Trump a immédiatement montré qu’il s’agissait d’un vœu pieux. Après tout, « intensifier pour désamorcer » est le slogan de l'armée israélienne alors qu'elle dévaste Gaza et le Liban. Lundi, il a annoncé qu'il imposerait des droits de douane sur les importations en provenance de Chine, du Canada et du Mexique dès son premier jour de mandat.
Il ne fait aucun doute que la menace d’une augmentation des droits de douane est ce qui inquiète le plus les grandes entreprises à propos de Trump. Des droits de douane plus élevés ne perturberaient pas seulement le commerce mondial. Ils pourraient faire augmenter l’inflation. C’est pourquoi les commerçants, les banquiers et les patrons craignent que les taux d’intérêt ne baissent pas aussi vite que prévu. Les banques centrales pourraient maintenir des taux élevés pour contrer l’impact inflationniste des tarifs douaniers.

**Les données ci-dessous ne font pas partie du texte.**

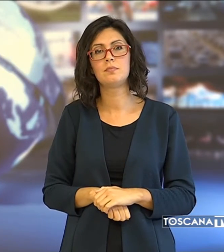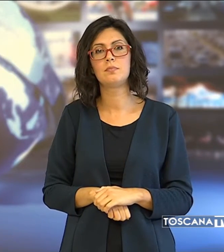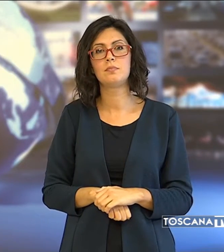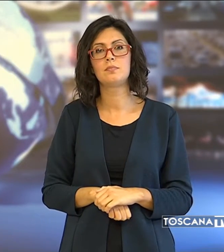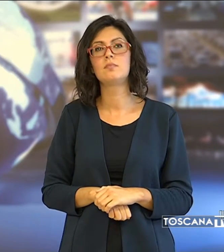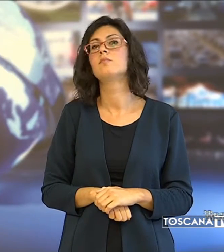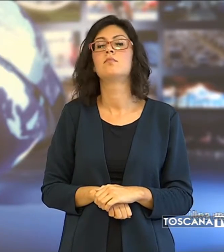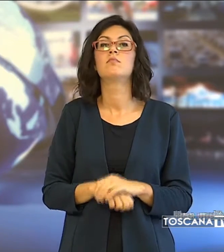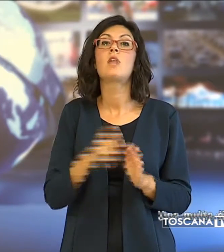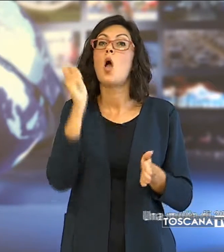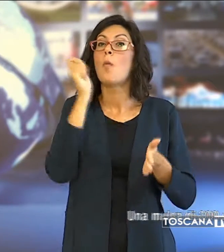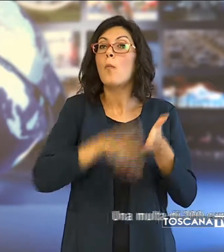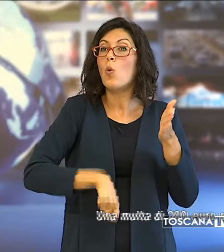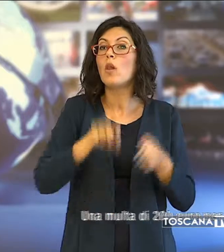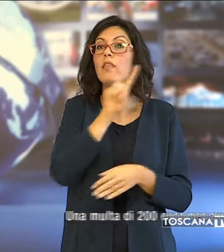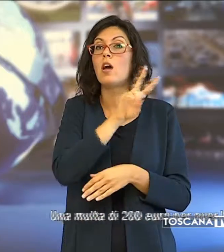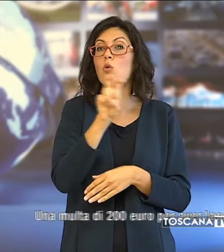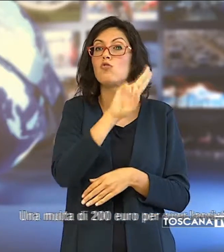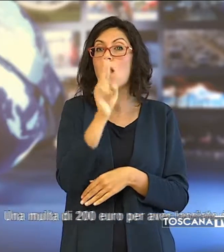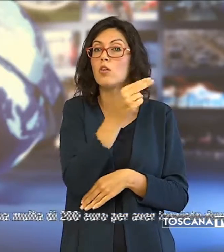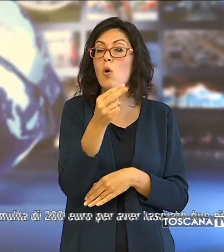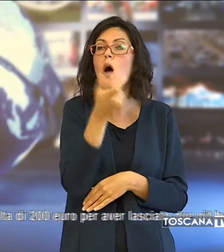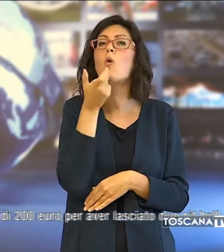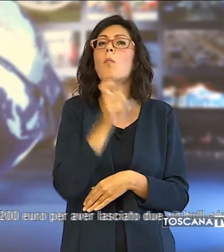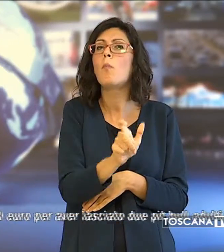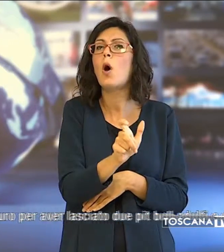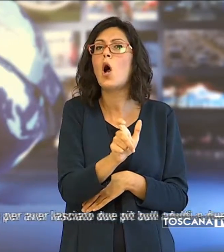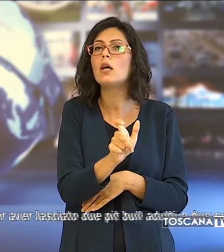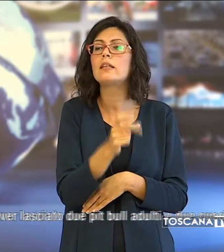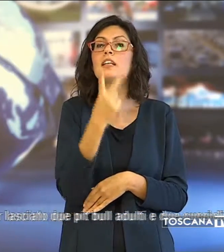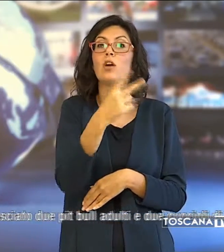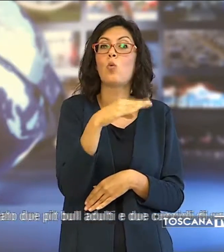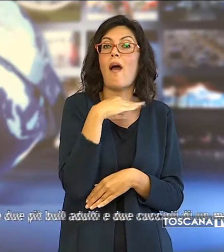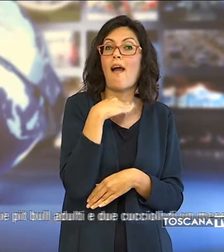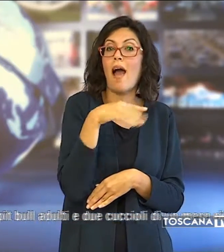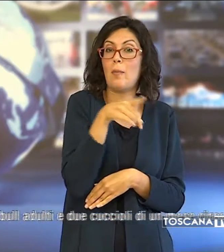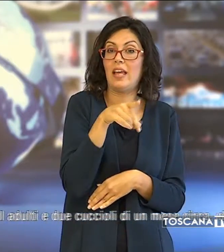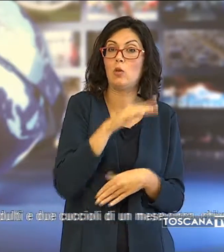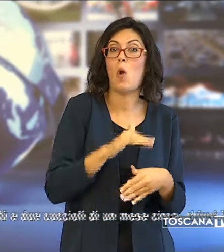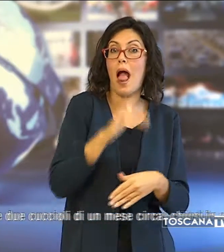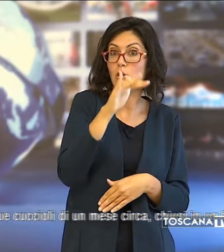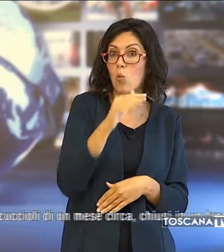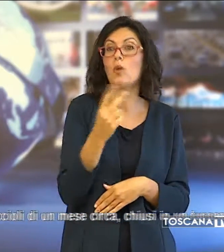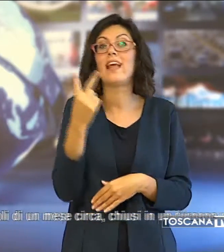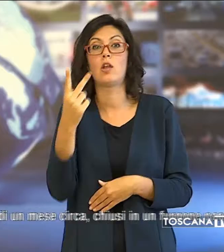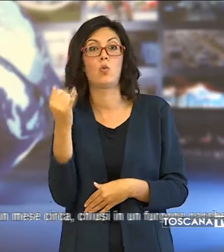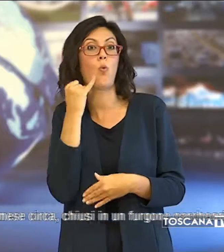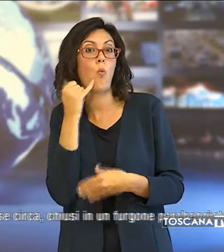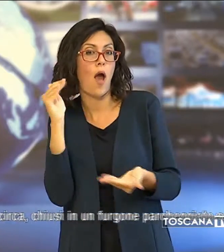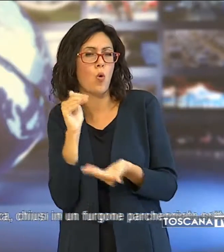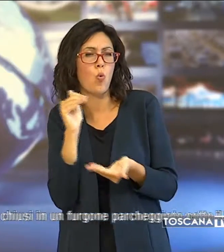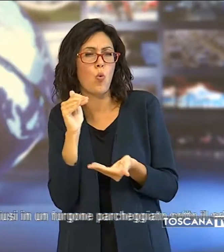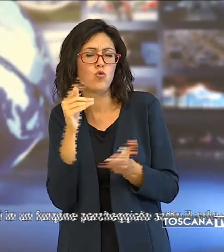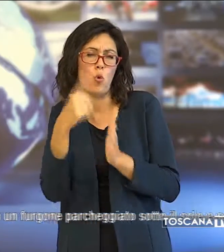Una multa di 200 euro per aver lasciato due pitbull adulti e due cuccioli di un mese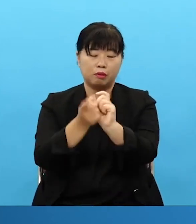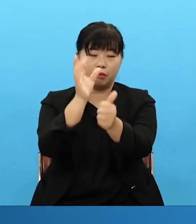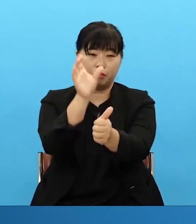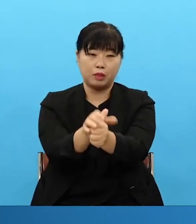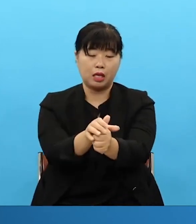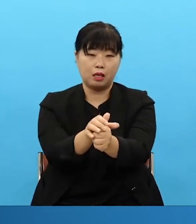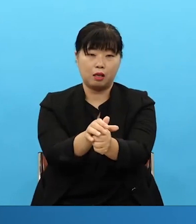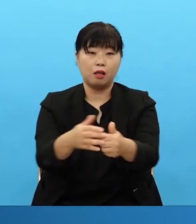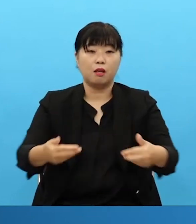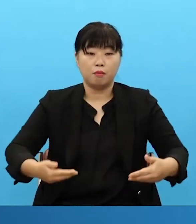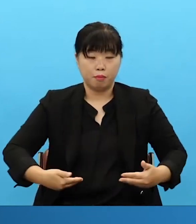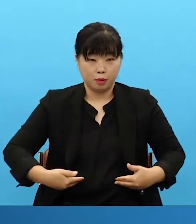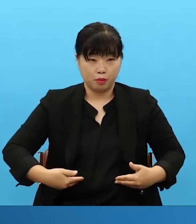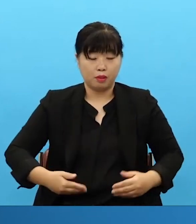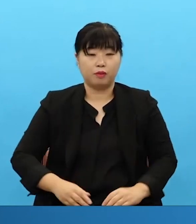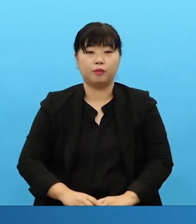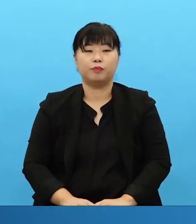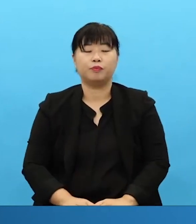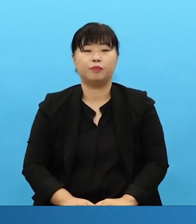And so we have to absolutely have one of these.

Mais des préoccupations plus larges ont motivé la chroniqueuse du Financial Times, Rana Foroohar, à écrire : « Je redoute déjà le ralentissement qui surviendra sûrement à un moment donné au cours de la présidence de Trump. » Elle souligne la faible base de la croissance économique relativement robuste que connaît l’économie américaine par rapport au reste du capitalisme occidental.
Selon le cabinet d'études TS Lombard, « ce cycle économique a toujours semblé « artificiel » et il a été alimenté par une série de forces temporaires ou ponctuelles, telles que la réouverture en cas de pandémie, les mesures de relance budgétaire, l'épargne excédentaire, les dépenses de revanche, etc. récemment une immigration (plus élevée) et une participation au marché du travail.
Foroohar cite également une évaluation encore plus pessimiste de Dennis Kelleher de Better Markets, une fondation critique à l'égard de Wall Street. « Je pense que nous connaîtrons un pic de sucre pendant deux ans sous Trump, mais à terme, nous nous dirigeons vers une correction potentiellement catastrophique – quelque chose de bien pire que la crise financière mondiale de 2008. C'est parce que nous avons un système financier qui est essentiellement extractive », écrit Kelleher. Le contre-argument à ce type de critique est que les marchés financiers sont poussés à la hausse par une révolution technologique, les progrès de l’intelligence artificielle (IA).
Il reste à voir dans quelle mesure l’IA augmente la productivité et la rentabilité. Même si c’est le cas de manière significative, cela ne veut pas dire qu’il ne gonfle pas une bulle financière.
Comme le souligne Aiden Reiter, d’une autre rubrique du Financial Times, Unhedged, « les chemins de fer et Internet ont tout changé également, mais leur première manifestation s’est manifestée par l’éclatement de bulles. La combinaison du fait que l’IA est évidemment une chose étonnante et importante, et du fait que nous ne comprenons pas vraiment comment elle fonctionnera en tant qu’industrie, en fait un carburant à bulles absolument parfait.
En effet, alors qu’il travaillait sur son chef-d’œuvre Le Capital, Karl Marx étudiait de près le krach financier de 1866. Cela représentait l’éclatement d’une bulle spéculative sauvage sur les actions des compagnies ferroviaires. Les chemins de fer étaient une innovation technique qui a transformé mais aussi déstabilisé l’économie britannique et, bien sûr, mondiale.
Le capitalisme était alors en plein essor. Maintenant, c'est beaucoup plus fragile. Tel un taureau dans un magasin de porcelaine, Trump, dans sa deuxième administration, va encore plus le déstabiliser.